The West End producer also vowed her shows would now always charge a discounted rate for preview performances.

Her pledge comes after the first preview of Hamlet was reviewed by a number of national newspapers, breaking the critical embargo set by the production team.

In the wake of the controversy, it is understood that Friedman met with critics last week to discuss a review embargo for the upcoming West End play Harry Potter and the Cursed Child, which she is producing.

Both The Times and the Daily Mail published early reviews of Hamlet, while writers from The Telegraph and Radio Times also published first-look previews.

Times critic Kate Maltby later defended her review by highlighting that preview tickets were the same price as for performances after the official opening.

Speaking to BBC Radio 4’s Front Row, Friedman claimed she charged more than usual for previews in order to subsidise 9,000 cheaper £10 tickets across the play’s run.

She explained: “Many limited-run plays don’t always have a pre and post-opening price difference. In the case of Hamlet, we didn’t have a pre-opening price difference because we’d made a different decision, which was to have 100 tickets at £10 across the house [every night], so we had total access.”

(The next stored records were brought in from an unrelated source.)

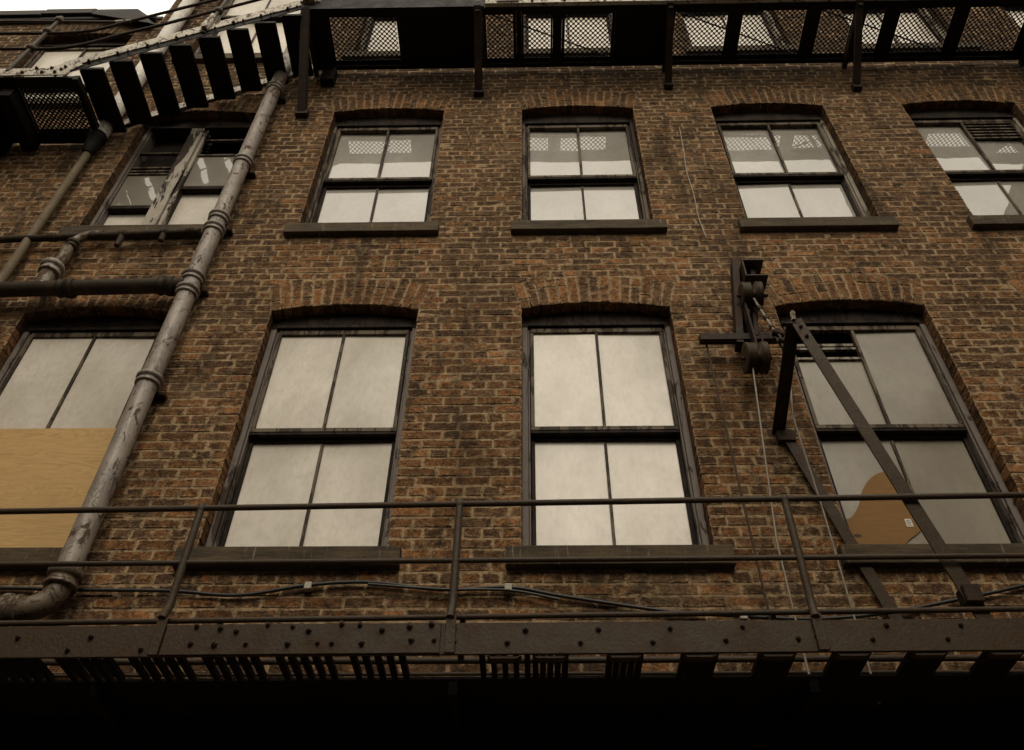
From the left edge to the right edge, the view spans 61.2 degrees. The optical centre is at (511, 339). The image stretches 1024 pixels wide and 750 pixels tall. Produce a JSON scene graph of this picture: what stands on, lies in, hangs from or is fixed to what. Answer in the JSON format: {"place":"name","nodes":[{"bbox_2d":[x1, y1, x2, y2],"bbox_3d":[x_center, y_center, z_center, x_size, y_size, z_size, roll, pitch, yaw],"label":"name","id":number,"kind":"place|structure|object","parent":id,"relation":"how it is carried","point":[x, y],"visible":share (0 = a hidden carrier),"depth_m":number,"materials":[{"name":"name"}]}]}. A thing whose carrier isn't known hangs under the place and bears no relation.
{"place":"outdoors","nodes":[
{"label":"outdoors","id":0,"kind":"place"},
{"bbox_2d":[0,0,175,16],"label":"sky","id":1,"kind":"structure","parent":0,"point":[149,7],"materials":[{"name":"white"}]},
{"label":"ground","id":2,"kind":"structure","parent":0,"visible":0},
{"bbox_2d":[0,0,1023,679],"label":"brick building","id":3,"kind":"structure","parent":2,"relation":"on","point":[448,286],"depth_m":6.43,"materials":[{"name":"brown brick"}]},
{"bbox_2d":[14,41,127,108],"bbox_3d":[-4.990,-2.903,9.626,1.286,1.820,0.360,0,-47,1],"label":"window","id":4,"kind":"structure","parent":3,"relation":"in","point":[41,59],"depth_m":10.02,"materials":[{"name":"white glass"}]},
{"bbox_2d":[0,316,164,571],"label":"window","id":5,"kind":"structure","parent":3,"relation":"in","point":[67,385],"depth_m":5.98,"materials":[{"name":"grey paint"}]},
{"bbox_2d":[0,230,184,298],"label":"branch pipe","id":6,"kind":"object","parent":3,"relation":"attached to","point":[48,281],"visible":0.98,"depth_m":6.52,"materials":[{"name":"metal"}]},
{"bbox_2d":[0,0,199,281],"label":"vent pipe","id":7,"kind":"object","parent":3,"relation":"attached to","point":[95,141],"visible":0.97,"depth_m":8.03,"materials":[{"name":"grey metal"}]},
{"bbox_2d":[0,227,200,247],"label":"service pipe","id":8,"kind":"object","parent":3,"relation":"attached to","point":[120,236],"visible":1,"depth_m":7.09,"materials":[{"name":"metal"}]},
{"bbox_2d":[0,12,300,626],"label":"drainpipe","id":9,"kind":"object","parent":3,"relation":"attached to","point":[60,585],"visible":0.85,"depth_m":5.75,"materials":[{"name":"grey metal"}]},
{"bbox_2d":[58,119,252,239],"bbox_3d":[-3.123,-1.499,8.092,1.286,2.173,0.360,0,-47,1],"label":"window","id":10,"kind":"structure","parent":3,"relation":"in","point":[172,179],"depth_m":8.10,"materials":[{"name":"grey glass"}]},
{"bbox_2d":[171,0,300,63],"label":"window","id":11,"kind":"structure","parent":3,"relation":"in","point":[264,4],"depth_m":10.66,"materials":[{"name":"white glass"}]},
{"bbox_2d":[172,313,416,570],"bbox_3d":[-1.265,0.600,5.827,1.286,2.309,0.360,0,-47,1],"label":"window","id":12,"kind":"structure","parent":3,"relation":"in","point":[323,422],"depth_m":5.77,"materials":[{"name":"white glass"}]},
{"bbox_2d":[283,116,442,237],"bbox_3d":[-1.239,-1.515,8.055,1.286,2.173,0.360,0,-47,1],"label":"window","id":13,"kind":"structure","parent":3,"relation":"in","point":[377,176],"depth_m":8.00,"materials":[{"name":"white glass"}]},
{"bbox_2d":[342,17,400,59],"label":"window","id":14,"kind":"structure","parent":3,"relation":"in","point":[372,19],"depth_m":10.23,"materials":[{"name":"white glass"}]},
{"bbox_2d":[0,492,1023,749],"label":"balcony","id":15,"kind":"structure","parent":3,"relation":"attached to","point":[770,702],"depth_m":4.04,"materials":[{"name":"brown paint"}]},
{"bbox_2d":[0,0,1023,156],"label":"fire escape","id":16,"kind":"object","parent":3,"relation":"attached to","point":[441,34],"visible":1,"depth_m":8.84,"materials":[{"name":"black paint"}]},
{"bbox_2d":[0,580,1023,620],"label":"black cable","id":17,"kind":"object","parent":3,"relation":"attached to","point":[508,588],"visible":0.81,"depth_m":4.75,"materials":[{"name":"rubber"}]},
{"bbox_2d":[41,654,1023,677],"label":"conduit","id":18,"kind":"object","parent":3,"relation":"attached to","point":[602,659],"visible":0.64,"depth_m":4.39,"materials":[{"name":"metal"}]},
{"bbox_2d":[513,13,611,57],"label":"window","id":19,"kind":"structure","parent":3,"relation":"in","point":[568,16],"depth_m":10.29,"materials":[{"name":"white glass"}]},
{"bbox_2d":[511,113,667,234],"bbox_3d":[0.645,-1.531,8.018,1.286,2.173,0.360,0,-47,1],"label":"window","id":20,"kind":"structure","parent":3,"relation":"in","point":[585,176],"depth_m":7.96,"materials":[{"name":"grey glass"}]},
{"bbox_2d":[505,311,735,569],"bbox_3d":[0.619,0.583,5.790,1.286,2.309,0.360,0,-47,1],"label":"window","id":21,"kind":"structure","parent":3,"relation":"in","point":[609,418],"depth_m":5.73,"materials":[{"name":"white glass"}]},
{"bbox_2d":[679,127,706,237],"bbox_3d":[1.583,-1.431,7.689,0.044,1.750,0.015,-8,-47,8],"label":"white wire","id":22,"kind":"object","parent":3,"relation":"attached to","point":[690,184],"visible":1,"depth_m":7.60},
{"bbox_2d":[699,258,777,374],"bbox_3d":[1.596,-0.217,6.174,0.580,1.245,0.252,0,-47,1],"label":"pulley bracket","id":23,"kind":"object","parent":3,"relation":"attached to","point":[751,342],"visible":0.95,"depth_m":6.09,"materials":[{"name":"metal"}]},
{"bbox_2d":[706,344,769,619],"bbox_3d":[1.357,0.919,5.124,0.015,2.590,0.064,-28,-53,25],"label":"hoist cable","id":24,"kind":"object","parent":23,"relation":"hanging from","point":[743,504],"visible":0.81,"depth_m":5.19,"materials":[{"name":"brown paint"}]},
{"bbox_2d":[753,298,795,365],"bbox_3d":[1.790,-0.052,5.884,0.088,0.768,0.157,29,-53,-24],"label":"hoist chain","id":25,"kind":"object","parent":23,"relation":"hanging from","point":[777,335],"visible":0.54,"depth_m":5.85,"materials":[{"name":"metal"}]},
{"bbox_2d":[752,366,809,673],"bbox_3d":[1.479,0.934,4.903,0.206,2.251,0.086,23,-50,-20],"label":"hoist cable","id":26,"kind":"object","parent":23,"relation":"hanging from","point":[779,553],"visible":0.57,"depth_m":4.90,"materials":[{"name":"metal"}]},
{"bbox_2d":[682,11,798,54],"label":"window","id":27,"kind":"structure","parent":3,"relation":"in","point":[747,13],"depth_m":10.20,"materials":[{"name":"glass"}]},
{"bbox_2d":[714,111,898,232],"bbox_3d":[2.529,-1.548,7.980,1.286,2.173,0.360,0,-47,1],"label":"window","id":28,"kind":"structure","parent":3,"relation":"in","point":[789,173],"depth_m":7.92,"materials":[{"name":"glass"}]},
{"bbox_2d":[772,310,993,618],"bbox_3d":[1.928,0.810,4.800,0.545,2.094,0.757,0,-47,1],"label":"ladder frame","id":29,"kind":"object","parent":3,"relation":"attached to","point":[968,594],"visible":0.83,"depth_m":4.81,"materials":[{"name":"brown paint"}]},
{"bbox_2d":[790,386,880,703],"bbox_3d":[1.776,0.979,4.874,0.073,2.151,0.013,0,-47,1],"label":"hoist cable","id":30,"kind":"object","parent":29,"relation":"hanging from","point":[834,549],"visible":0.77,"depth_m":4.85,"materials":[{"name":"metal"}]},
{"bbox_2d":[777,309,1023,568],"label":"window","id":31,"kind":"structure","parent":3,"relation":"in","point":[899,380],"depth_m":5.72,"materials":[{"name":"grey glass"}]},
{"bbox_2d":[846,472,920,543],"bbox_3d":[2.265,1.051,5.319,0.491,0.598,0.010,0,-47,1],"label":"curved board","id":32,"kind":"object","parent":31,"relation":"in","point":[882,522],"visible":0.57,"depth_m":5.27,"materials":[{"name":"brown wood"}]},
{"bbox_2d":[842,8,980,51],"bbox_3d":[4.441,-3.866,10.368,1.286,2.440,0.360,0,-47,1],"label":"window","id":33,"kind":"structure","parent":3,"relation":"in","point":[925,10],"depth_m":10.15,"materials":[{"name":"glass"}]},
{"bbox_2d":[907,109,1023,229],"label":"window","id":34,"kind":"structure","parent":3,"relation":"in","point":[981,152],"depth_m":8.11,"materials":[{"name":"glass"}]},
{"bbox_2d":[1002,7,1023,26],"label":"window","id":35,"kind":"structure","parent":3,"relation":"in","point":[1004,9],"depth_m":10.48,"materials":[{"name":"white glass"}]}
]}

“We were only doing 12 weeks, it would have made it impossible to do the £10 tickets [otherwise],” she said.

Acknowledging fault, she continued: “In retrospect and in hindsight, I made the wrong decision. And I can say that I have absolutely revised my company’s policy as a result of what happened.”

“Whatever my decision on access is going to be, I will always have a pre and post-opening difference in pricing – because we lost our moral position in that argument.”

Adding that she “learned a huge amount” from the furore, Friedman went on to stress the importance of the preview process, and claimed critics broke a “gentleman’s agreement” by publishing early reviews.

She said: “We were all taken by surprise, and we felt very let down. The preview process is really crucial for the creative team to learn what they are doing in front of an audience.”

The producer continued: “You hope you will have done all the work necessary in that period, with an audience, to be ready for the national critics to then give their verdict. That’s the transaction; that’s the gentleman’s agreement.”